English Language School "Geo Milev" is a state educational institution located in Ruse, Bulgaria providing secondary education with a special emphasis on English studies.

Established in 1963 in a building protected as a cultural heritage of local importance by the Ministry of Culture of Bulgaria, it is among the top prestigious high schools in Ruse and on a national scale.

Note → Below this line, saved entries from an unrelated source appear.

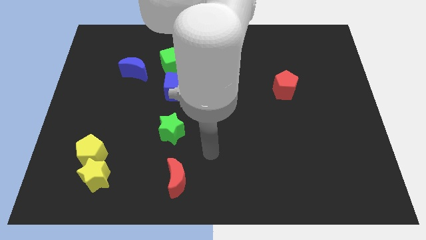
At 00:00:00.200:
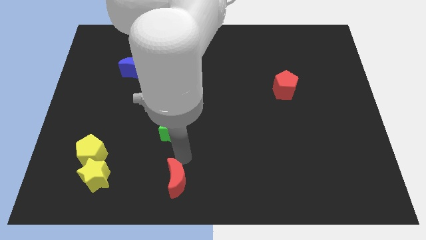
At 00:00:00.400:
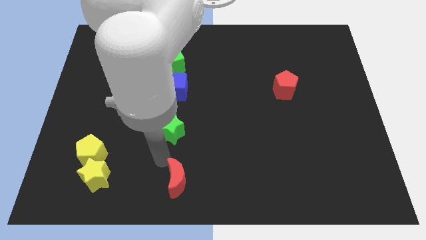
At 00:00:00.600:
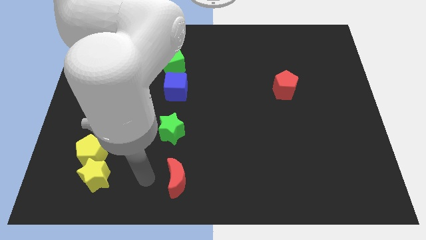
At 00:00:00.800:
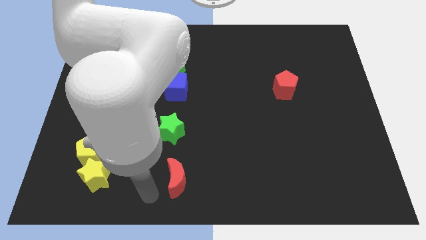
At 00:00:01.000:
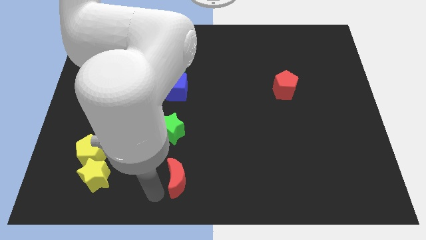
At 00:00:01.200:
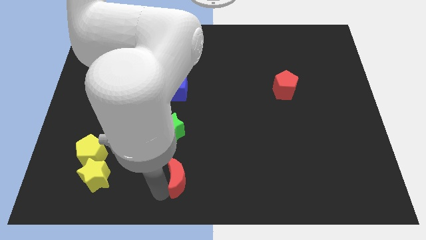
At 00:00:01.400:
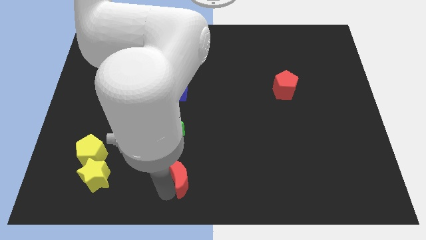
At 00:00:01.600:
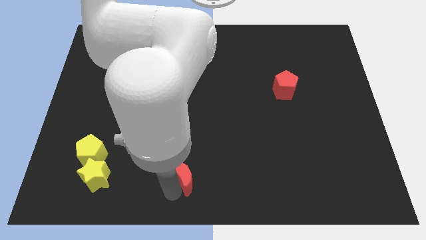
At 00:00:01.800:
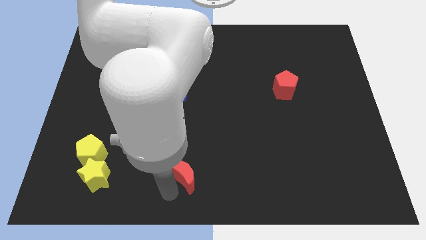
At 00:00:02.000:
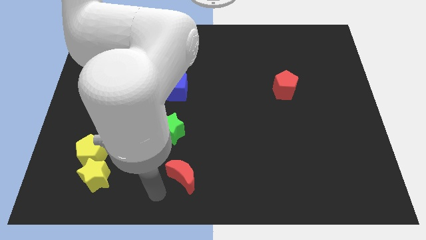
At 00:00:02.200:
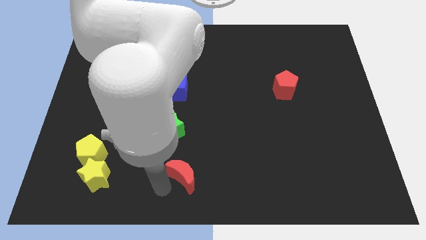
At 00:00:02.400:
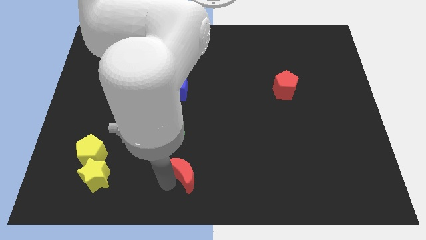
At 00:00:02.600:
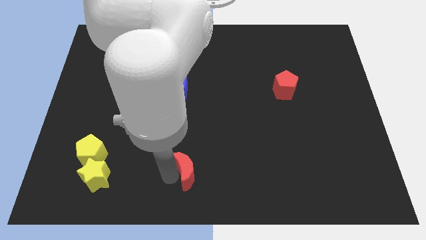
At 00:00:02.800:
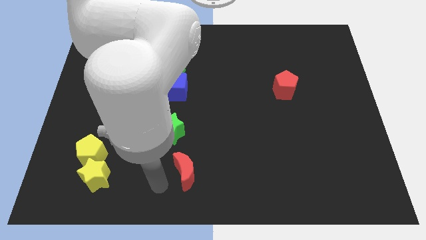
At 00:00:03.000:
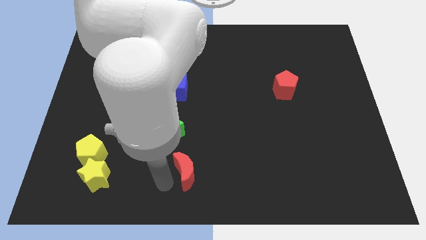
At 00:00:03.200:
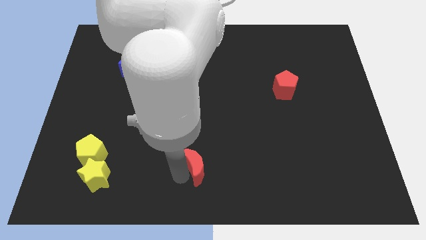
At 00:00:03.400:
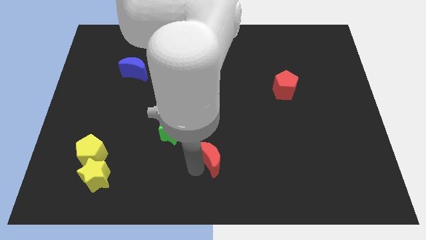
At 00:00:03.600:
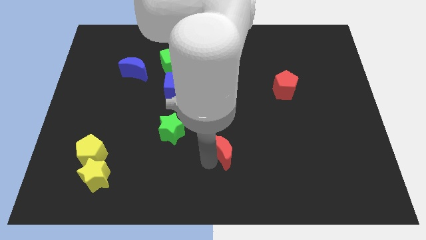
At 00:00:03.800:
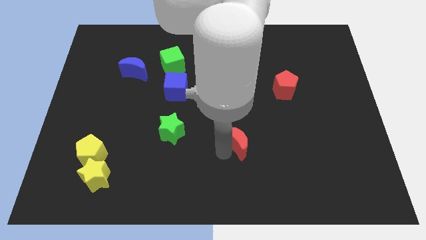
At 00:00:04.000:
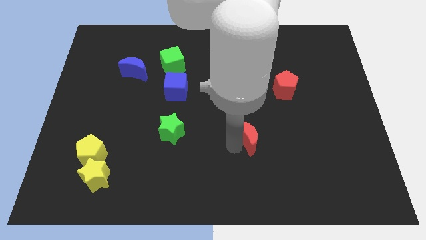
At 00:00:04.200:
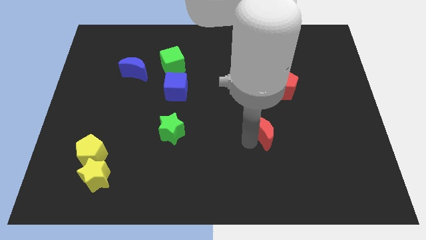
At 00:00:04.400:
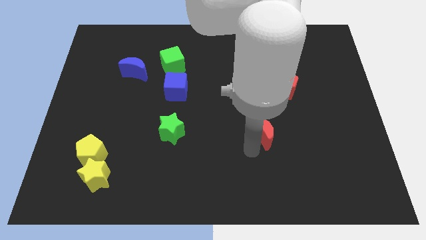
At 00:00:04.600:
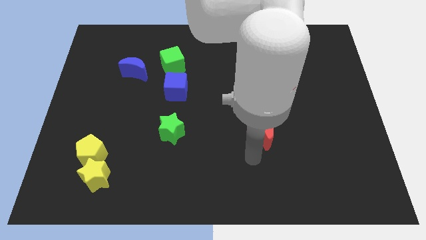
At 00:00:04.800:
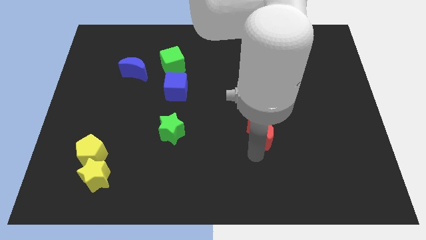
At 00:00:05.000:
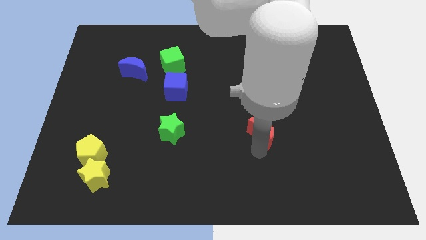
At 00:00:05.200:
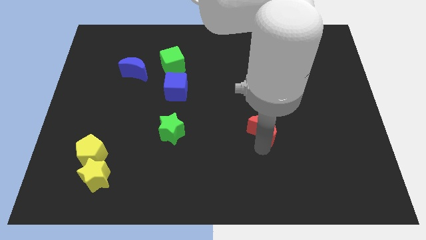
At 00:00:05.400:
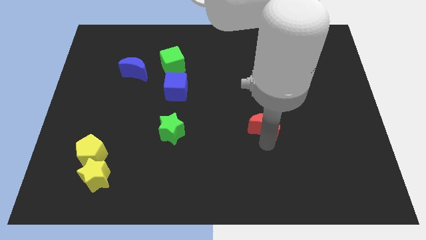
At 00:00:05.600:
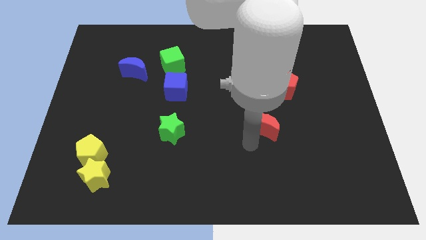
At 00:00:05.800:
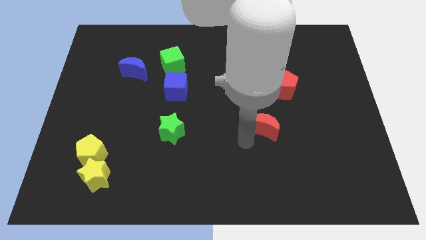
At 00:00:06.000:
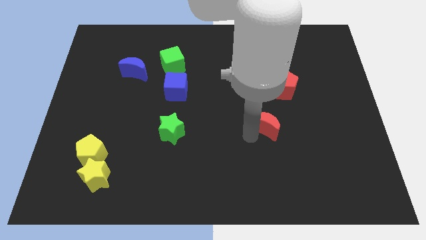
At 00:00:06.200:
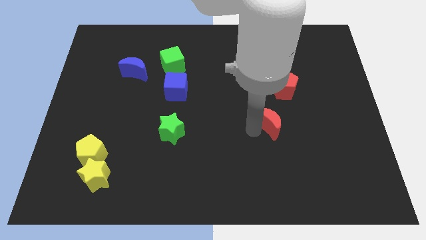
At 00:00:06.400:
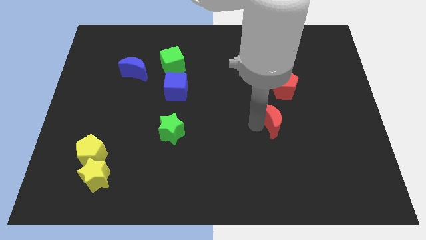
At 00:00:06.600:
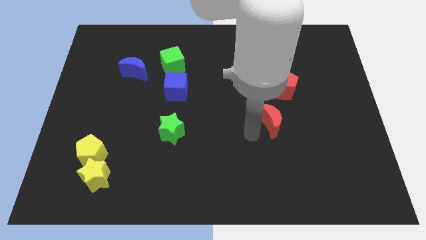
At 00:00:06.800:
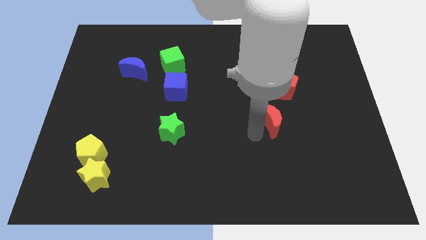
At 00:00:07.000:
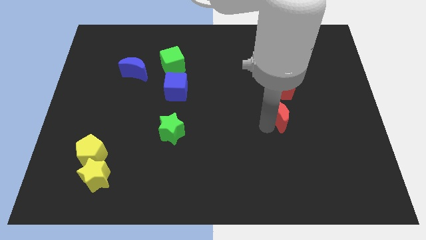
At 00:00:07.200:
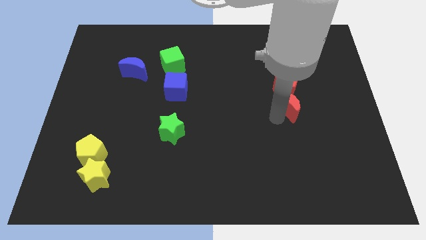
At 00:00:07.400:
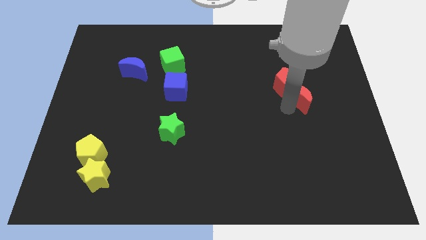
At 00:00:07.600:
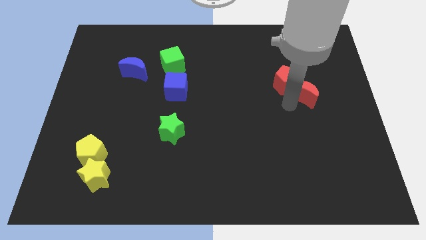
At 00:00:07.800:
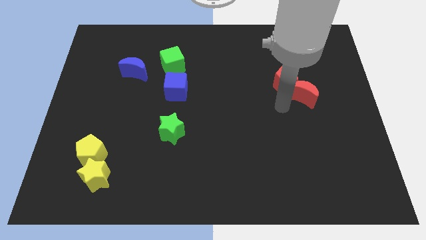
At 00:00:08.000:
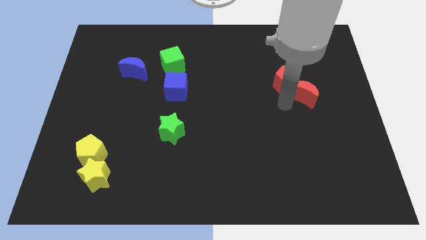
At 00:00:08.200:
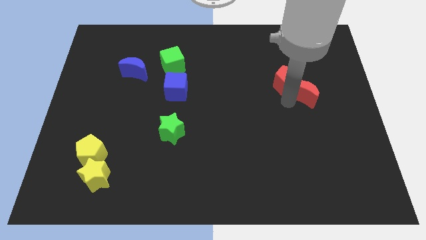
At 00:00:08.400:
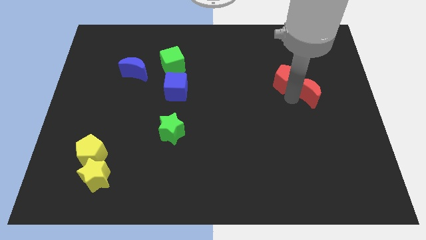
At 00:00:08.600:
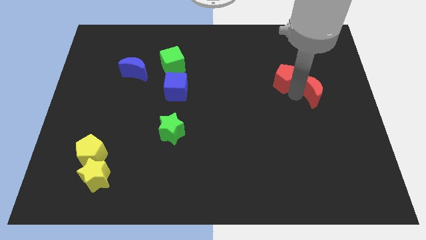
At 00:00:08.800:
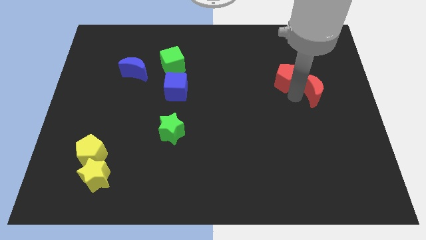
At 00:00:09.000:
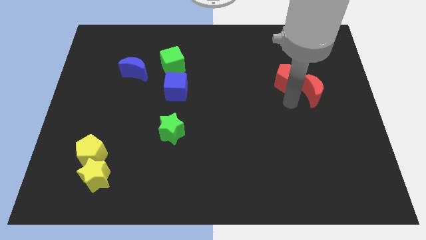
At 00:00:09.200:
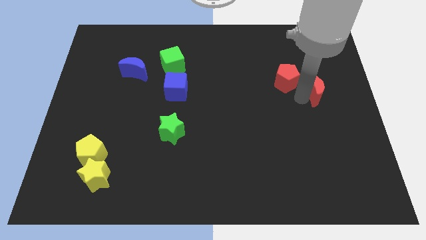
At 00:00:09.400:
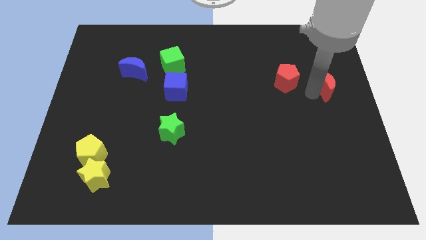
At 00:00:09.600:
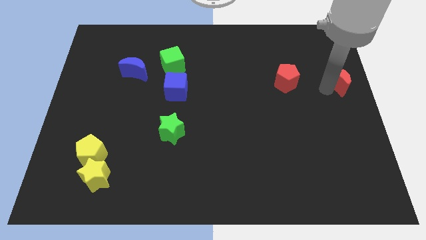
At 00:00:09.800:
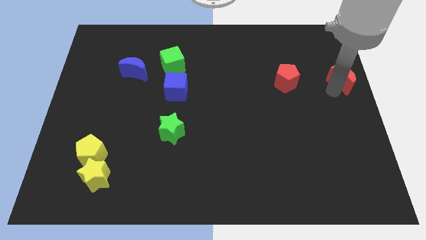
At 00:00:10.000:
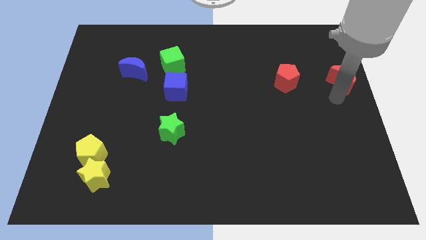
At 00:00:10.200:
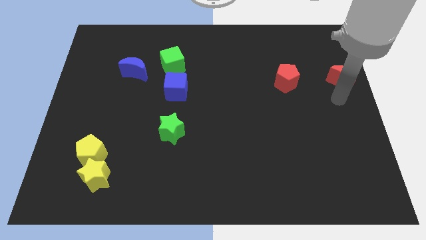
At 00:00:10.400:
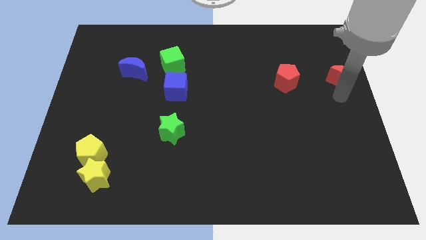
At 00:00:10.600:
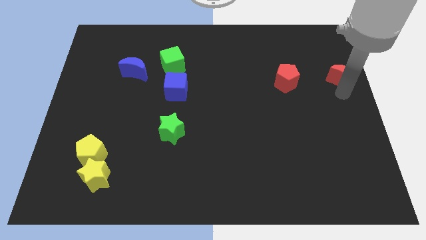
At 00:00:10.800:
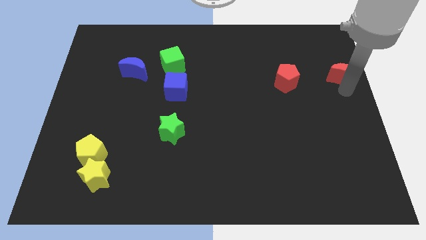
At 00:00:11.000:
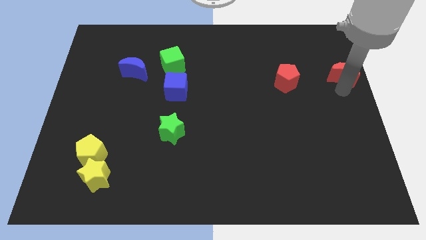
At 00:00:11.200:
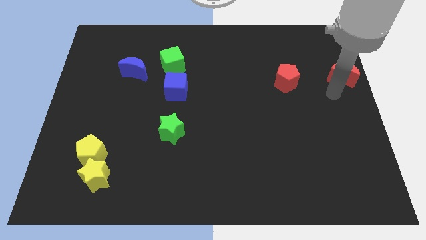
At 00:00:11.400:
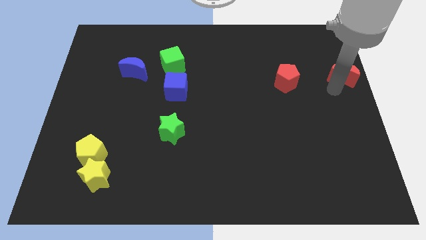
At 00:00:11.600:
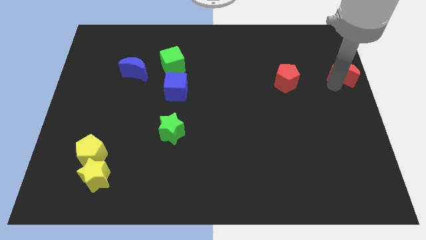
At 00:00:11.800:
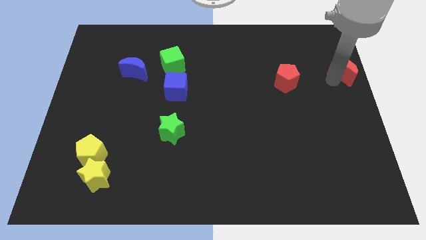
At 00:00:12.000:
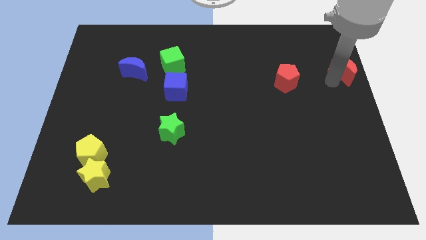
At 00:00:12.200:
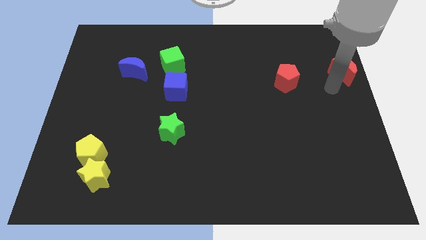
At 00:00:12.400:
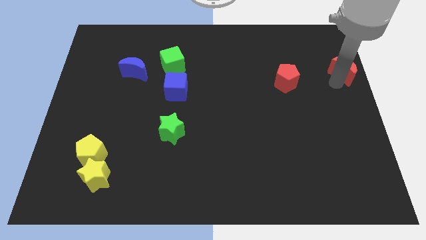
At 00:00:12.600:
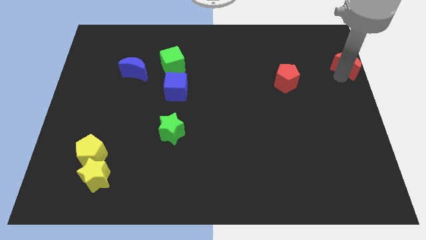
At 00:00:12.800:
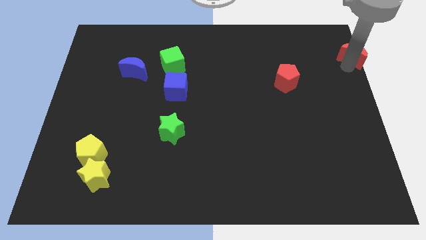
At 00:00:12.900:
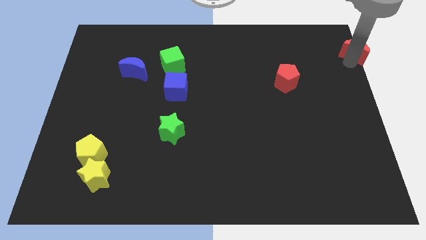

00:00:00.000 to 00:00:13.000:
put the red moon to the top right corner

The school is an accredited member of the UNESCO Associated Schools Project.

== History ==
English Language School "Geo Milev" offers a historical tradition of excellence in preparing young students in foreign language studies since the beginning of the 20th century. The building was constructed in 1908 by the Italian architect professor Mariano Pernigoni for the purposes of the French Catholic School with a boarding house „Notre dame de sion“. The aims of the school, managed by the religious order of Notre Dame de Sion, with divisions in 24 countries around the world, were solid education, proper behavior and forming a character in the spirit of the Christian virtues. Teachers at the French Catholic School were Catholic nuns. The education of the girls was carried out in French and organized into small classes with up to 10 students, but varied in ethnic and multicultural composition – besides wealthy Bulgarians, there were also Jews, Turks, Armenians, Czechs, Austrians, and Belgian students. With the Bulgarian coup d'état of 1944, the country entered the Soviet sphere of influence and the school was closed down until 1963, when it resumed its activities as the nowadays known English Language School "Geo Milev". At present, the high school admits students in 4 classes with intensive studies of English and a second foreign language - French, German or Russian.

== Notable alumni ==
The graduates of ELS „Geo Milev“ enjoy a academic and professional realization.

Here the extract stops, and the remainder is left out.